What to do:
Please copy out every line in the entries that includes the word "fill".

Data extracted from a collection
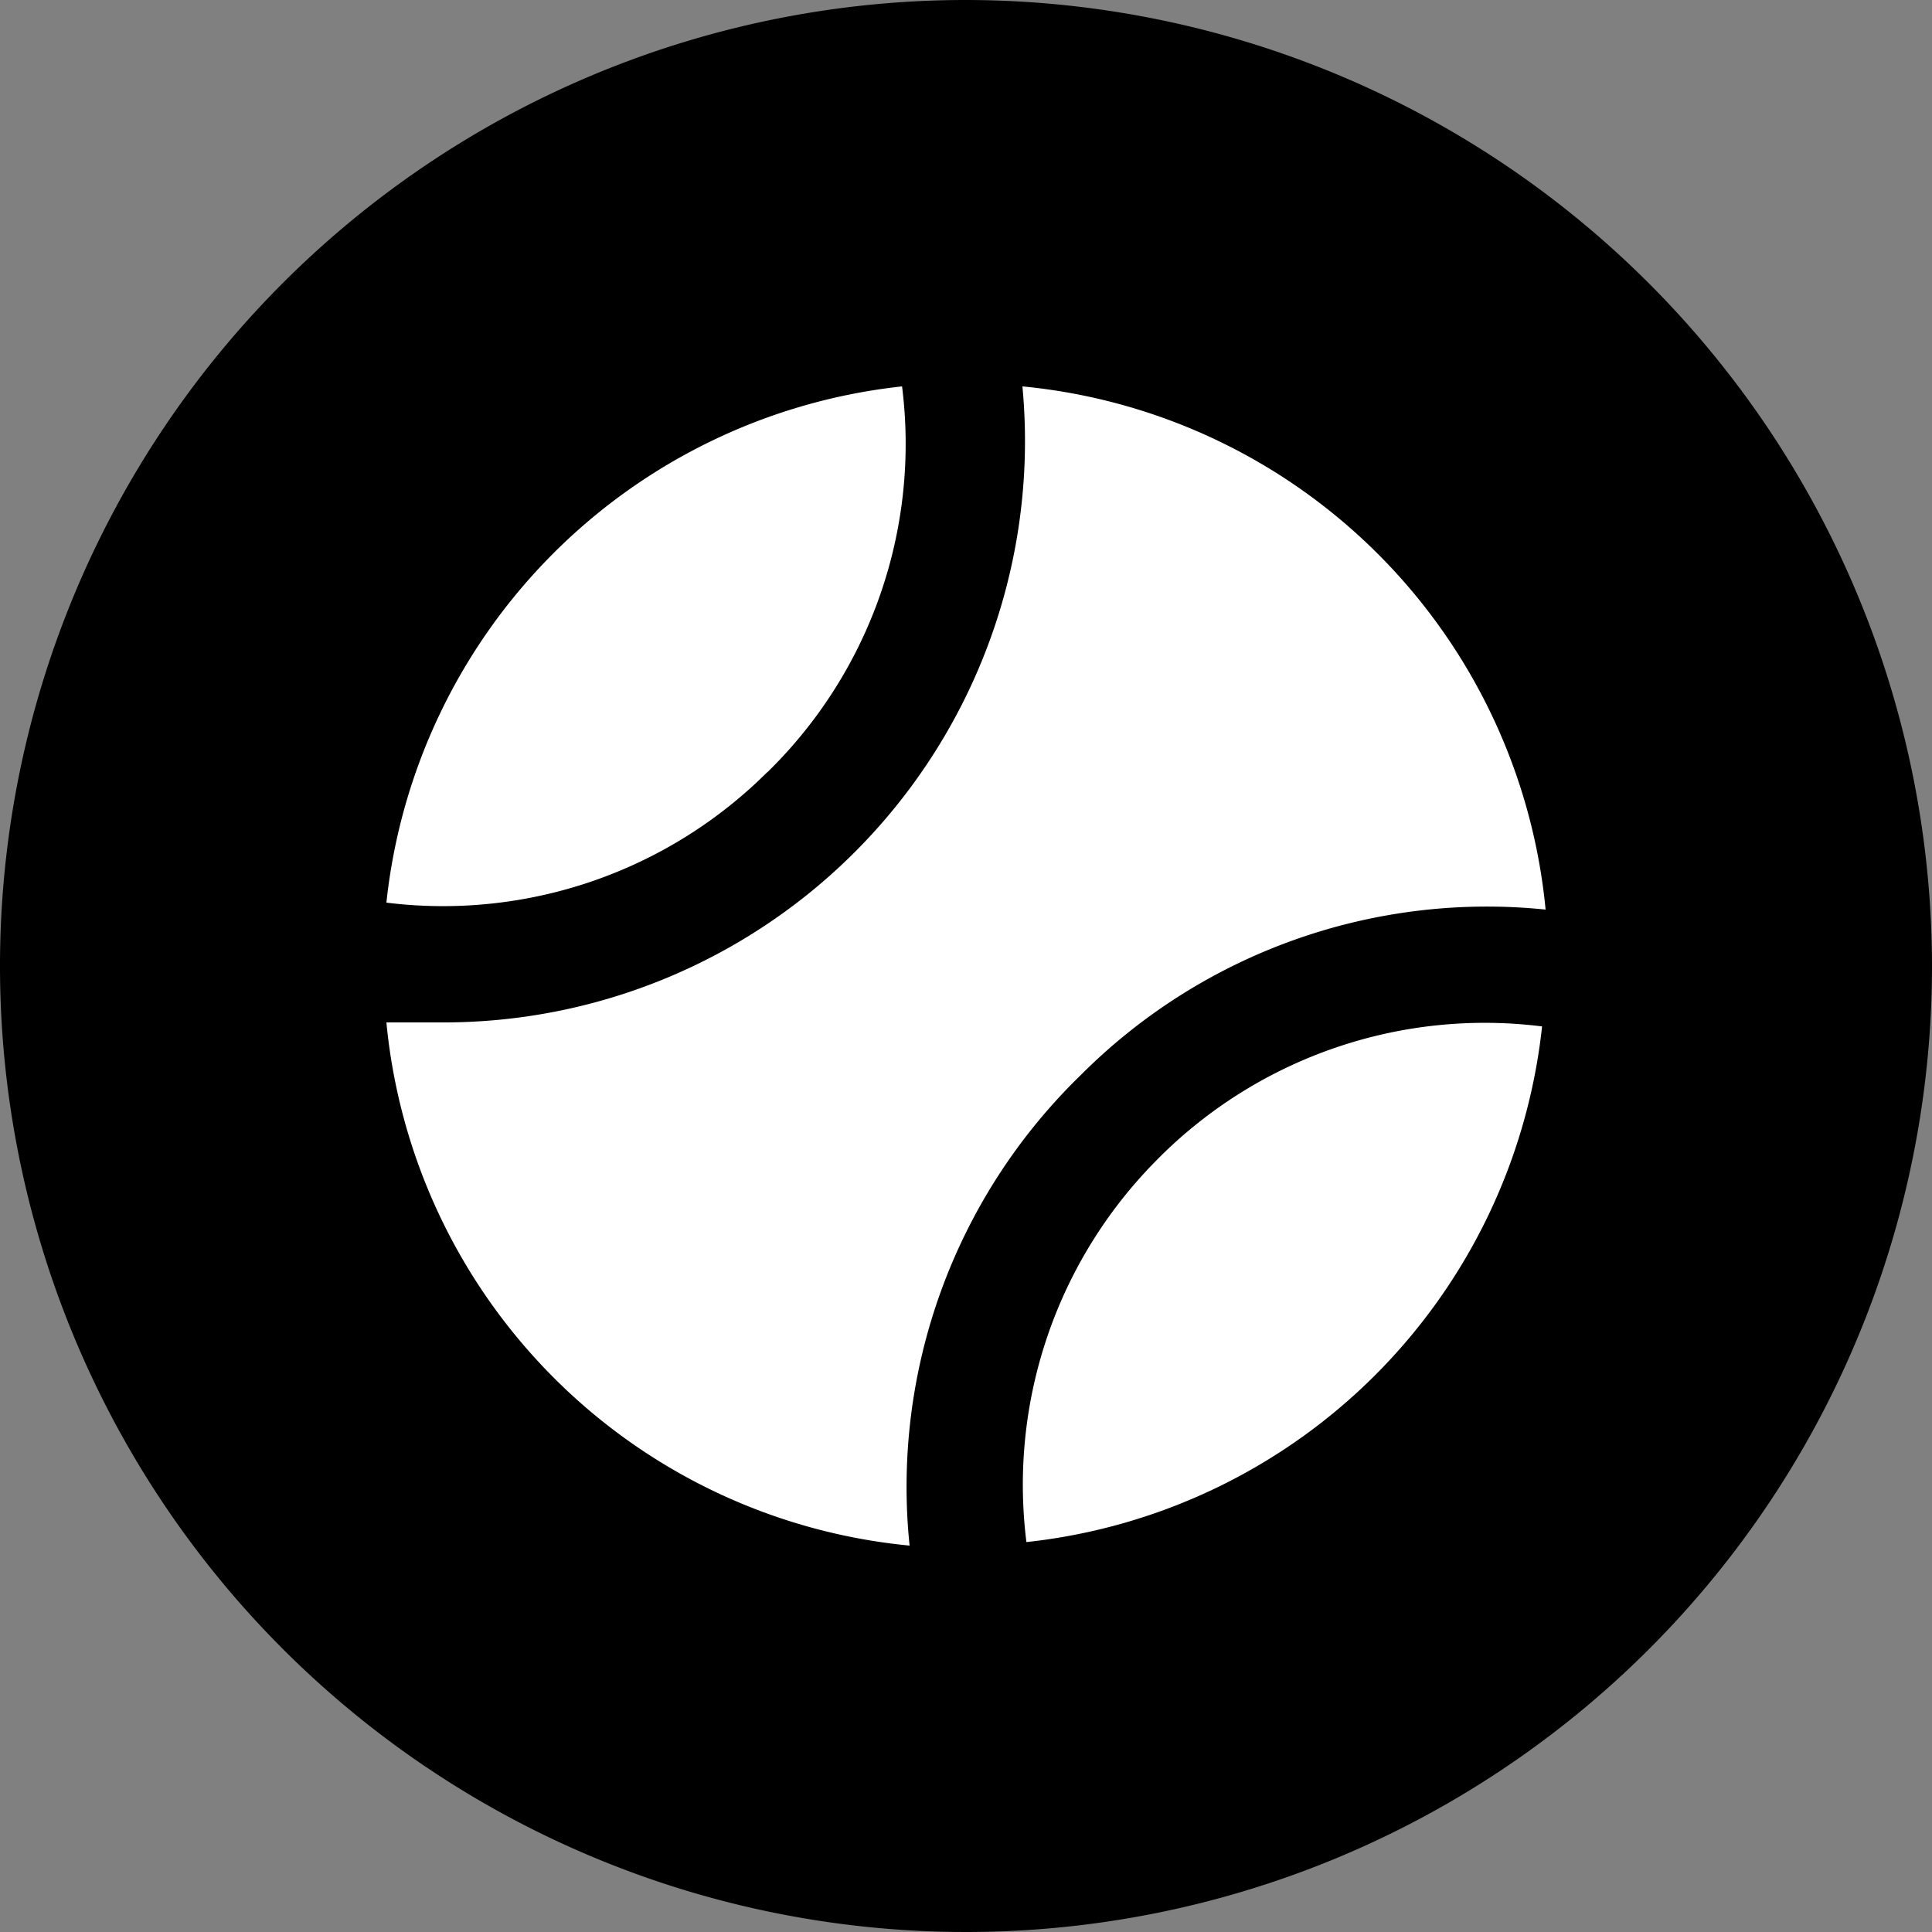 <svg xmlns="http://www.w3.org/2000/svg" width="40" height="40" viewBox="0 0 40 40">
  <rect x="0" y="0" width="40" height="40" fill="#808080" stroke="none"/>
  <g id="Group_6" data-name="Group 6" transform="translate(-1032 -10885)">
    <g id="Group_9_Copy_5" data-name="Group 9 Copy 5" transform="translate(1032 10885)">
      <g id="noun_987496_cc_copy_10" data-name="noun_987496_cc copy 10">
        <g id="Group">
          <path id="Shape" d="M19.976,0A20,20,0,1,0,40,20.023,20.02,20.02,0,0,0,19.976,0Z"/>
        </g>
      </g>
    </g>
    <g id="noun-sports-2819600" transform="translate(1040 10893)">
      <path id="Path" d="M7.884,7.992A9.5,9.5,0,0,0,10.676,0,12.036,12.036,0,0,0,0,10.688a9.508,9.508,0,0,0,7.884-2.7Z" transform="translate(0 0)" fill="#fff"/>
      <path id="Path-2" data-name="Path" d="M2.831,2.782A9.535,9.535,0,0,0,.074,10.75a12.037,12.037,0,0,0,7.22-3.456A12.037,12.037,0,0,0,10.75.074,9.534,9.534,0,0,0,2.83,2.782Z" transform="translate(13.177 13.177)" fill="#fff"/>
      <path id="Path-3" data-name="Path" d="M14.371,14.263A11.88,11.88,0,0,1,24,10.832,12.036,12.036,0,0,0,13.168,0,12.036,12.036,0,0,1,1.131,13.168H0A12.036,12.036,0,0,0,10.832,24a11.879,11.879,0,0,1,3.539-9.737Z" transform="translate(0 0)" fill="#fff"/>
    </g>
  </g>
</svg>

Written response:
  <rect x="0" y="0" width="40" height="40" fill="#808080" stroke="none"/>
      <path id="Path" d="M7.884,7.992A9.5,9.5,0,0,0,10.676,0,12.036,12.036,0,0,0,0,10.688a9.508,9.508,0,0,0,7.884-2.7Z" transform="translate(0 0)" fill="#fff"/>
      <path id="Path-2" data-name="Path" d="M2.831,2.782A9.535,9.535,0,0,0,.074,10.75a12.037,12.037,0,0,0,7.22-3.456A12.037,12.037,0,0,0,10.75.074,9.534,9.534,0,0,0,2.83,2.782Z" transform="translate(13.177 13.177)" fill="#fff"/>
      <path id="Path-3" data-name="Path" d="M14.371,14.263A11.88,11.88,0,0,1,24,10.832,12.036,12.036,0,0,0,13.168,0,12.036,12.036,0,0,1,1.131,13.168H0A12.036,12.036,0,0,0,10.832,24a11.879,11.879,0,0,1,3.539-9.737Z" transform="translate(0 0)" fill="#fff"/>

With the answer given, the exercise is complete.